Discussion and summary

This pilot feasibility study will determine whether a full-scale randomized control trial comparing ultrasound visual biofeedback to treatment as usual (articulation intervention) for the treatment of cleft speech characteristics is feasible. Prior studies such as [21] suggest that children with CLP can tolerate ultrasound recordings and studies such as [14] suggest good retention in ultrasound intervention, with only one child in this study lost to follow-up. We therefore predict that the objectives outlined above will be met, and if this is the case a full-scale, adequately powered, multi-center RCT will be warranted. Within this planned larger RCT, we hypothesize that U-VBF will show quicker acquisition of speech sounds in error, leading to shorter time in intervention, reduced frustration for patients, and cost savings. Nevertheless, there are some potential limitations to the current study. Firstly, it is not known how acceptable randomization will be to patients and carers, and it is possible that carers will express a preference for the trial intervention, given the novelty of the technology used in U-VBF [23]. To mitigate this, patients will be offered U-VBF at the completion of the study, if their speech errors remain. A previous study trialing a similar technology-based intervention with children with Down syndrome showed that no children were lost to follow-up in either arm of the trial when this was offered [32]. A further limitation of the current study, which cannot be completely mitigated, is a potential preference from the treating clinicians for one intervention over the other, in particular the trial intervention. This could lead to increased outcomes in the trial intervention, which are not due to the visual biofeedback per se, but more to increased motivation in the intervention sessions [33]. Finally, a recent move towards more use of telehealth due to the COVID-19 pandemic, means that U-VBF is disadvantaged compared to articulation intervention, because it is a behavioral intervention which requires hardware and therefore only be can only be carried out in person, rather than over video-conferencing. It therefore currently may be more difficult to recruit to a trial which involves travel to a hospital or university.

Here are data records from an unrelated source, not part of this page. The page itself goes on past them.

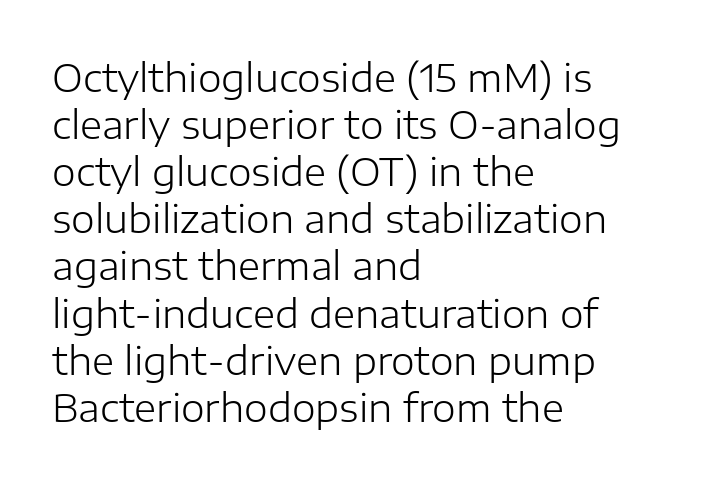
A typesetter would call this proportional, since set widths differ per character. This sample uses a sans-serif face. Characters remain perfectly vertical along every line. Descenders are the only things crossing below the line.
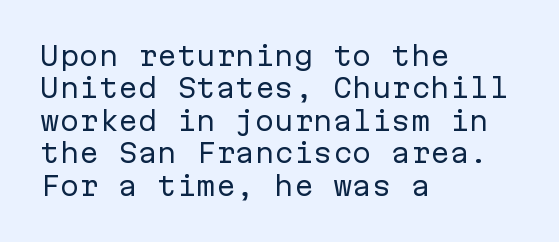
The image shows 26 px text type, upright; set left-aligned, normal line spacing (1.25x), normal letter spacing, not underlined.
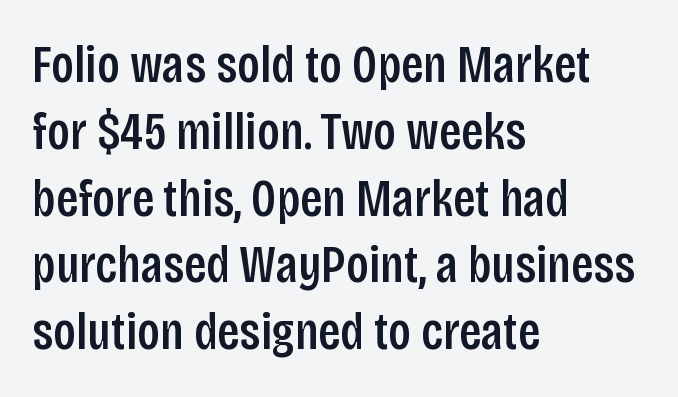
Does extra space separate the letters? No, they use regular spacing. Looks like regular typesetting: each glyph gets only the width it needs. Line starts are locked; line ends wander. This rendering features lettering with no underline. The designer went with a sans here, leaving each stem footless.
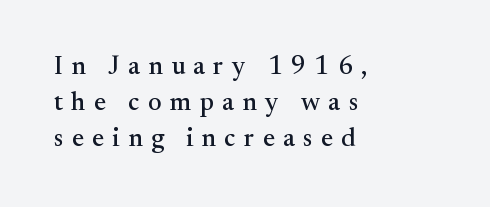
Each line starts at the same left margin while the right side varies. Unlike italic type, these characters show no tilt at all. The face used here is rendered with a markedly widened letterfit. Quick note: underline off.
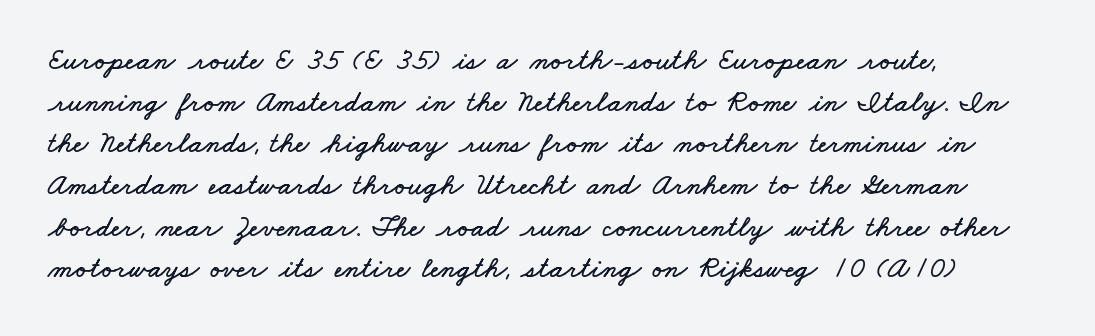
Q: Is the text underlined? A: No.
Q: How is the paragraph aligned? A: Left-aligned.
Q: Is the spacing between letters normal or unusually wide? A: Normal.
Q: Is the spacing between lines tight, normal or loose? A: Normal.
Q: Width (condensed, normal, or wide)? A: Wide.
Q: Stroke contrast? A: Low.
Q: x-height? A: Small.
Q: Monospaced? A: No.
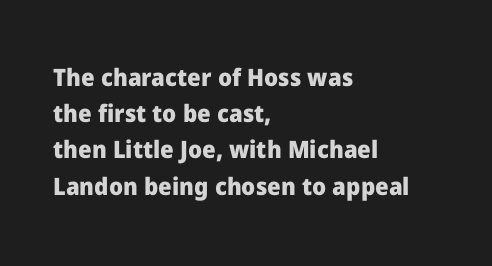
{"italic": "no", "bold": "yes", "underline": "no", "align": "left", "line_spacing": "normal", "line_spacing_ratio": 1.51, "letter_spacing": "normal", "letter_spacing_em": 0.0, "glyph_px": 24}
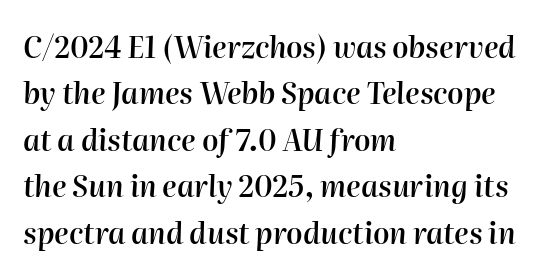
Q: Is the text bold? A: Semi-bold.
Q: Is the text italic (slanted)? A: Yes, it leans right by about 2 degrees.
Q: Is the text underlined? A: No.
Q: How is the paragraph aligned? A: Left-aligned.
Q: Is the spacing between letters normal or unusually wide? A: Normal.
Q: Is the spacing between lines tight, normal or loose? A: Normal.
Q: Width (condensed, normal, or wide)? A: Normal.
Q: Stroke contrast? A: High.
Q: x-height? A: Medium.
Q: Monospaced? A: No.
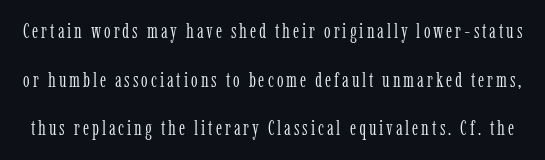
Q: Is the text bold? A: No.
Q: Is the text italic (slanted)? A: No, it is upright.
Q: Is the text underlined? A: No.
Q: Is the spacing between lines tight, normal or loose? A: Loose.
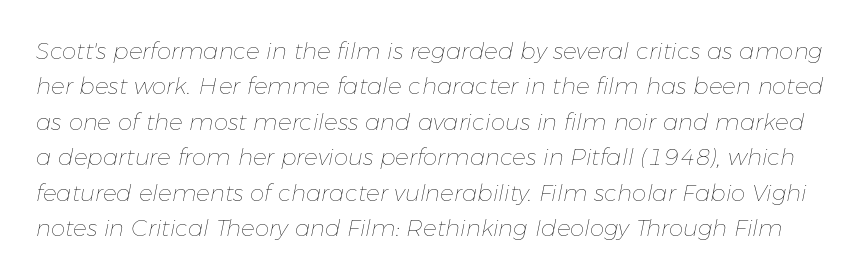
{"italic": "yes", "lean": "right", "slant_degrees": 11, "bold": "no", "underline": "no", "line_spacing": "normal", "line_spacing_ratio": 1.54, "letter_spacing": "normal", "letter_spacing_em": 0.0, "glyph_px": 23}
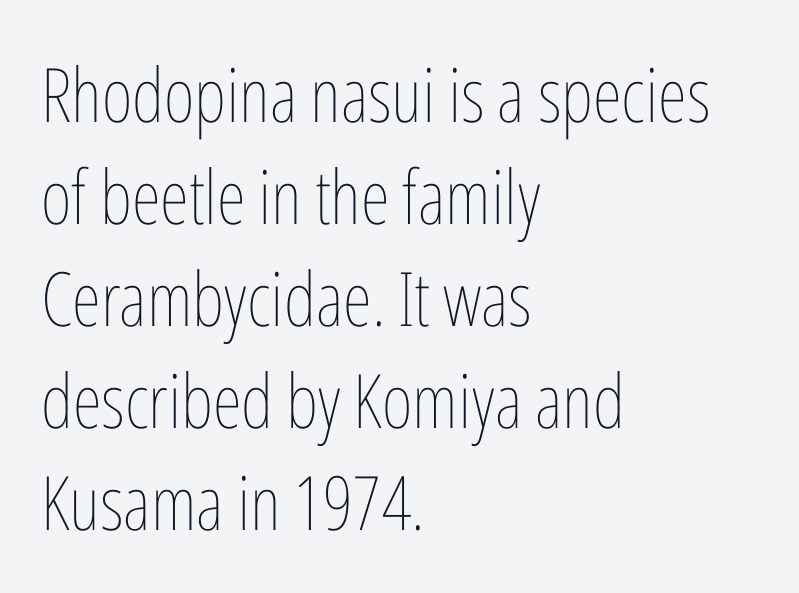
{"italic": "no", "bold": "no", "weight": "thin", "width": "condensed", "stroke_contrast": "low", "x_height": "medium", "monospaced": "no", "underline": "no", "align": "left", "line_spacing": "normal", "line_spacing_ratio": 1.36, "letter_spacing": "normal", "letter_spacing_em": 0.0, "glyph_px": 75}
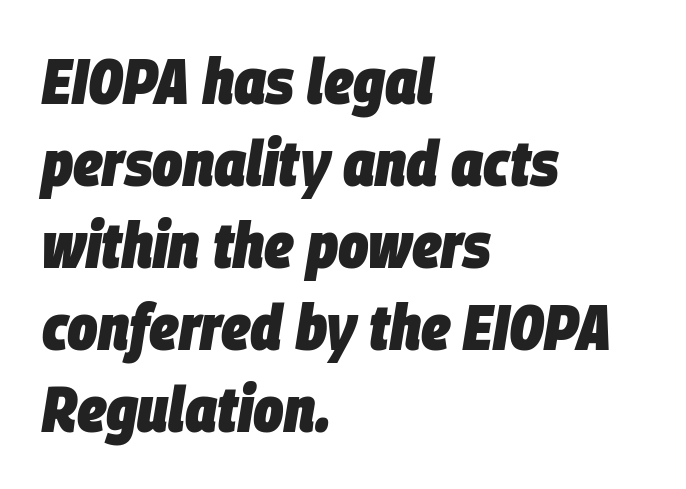
Q: Is the text bold? A: Yes.
Q: Is the text italic (slanted)? A: Yes, it leans right by about 9 degrees.
Q: Is the text underlined? A: No.
Q: How is the paragraph aligned? A: Left-aligned.
Q: Is the spacing between letters normal or unusually wide? A: Normal.
Q: Is the spacing between lines tight, normal or loose? A: Normal.
Q: Width (condensed, normal, or wide)? A: Condensed.
Q: Stroke contrast? A: Low.
Q: x-height? A: Large.
Q: Monospaced? A: No.

In conclusion, this feasibility study will determine whether a larger trial comparing U-VBF and Articulation Intervention is both feasible and acceptable to patients and their carers. Notwithstanding the limitations, we predict that achieving the success objectives related to recruitment, retention, and acceptability outlined above will motivate a full scale RCT which in turn seeks to determine whether U-VBF shows improved outcomes over treatment as usual for speech disorders associated with cleft lip and palate.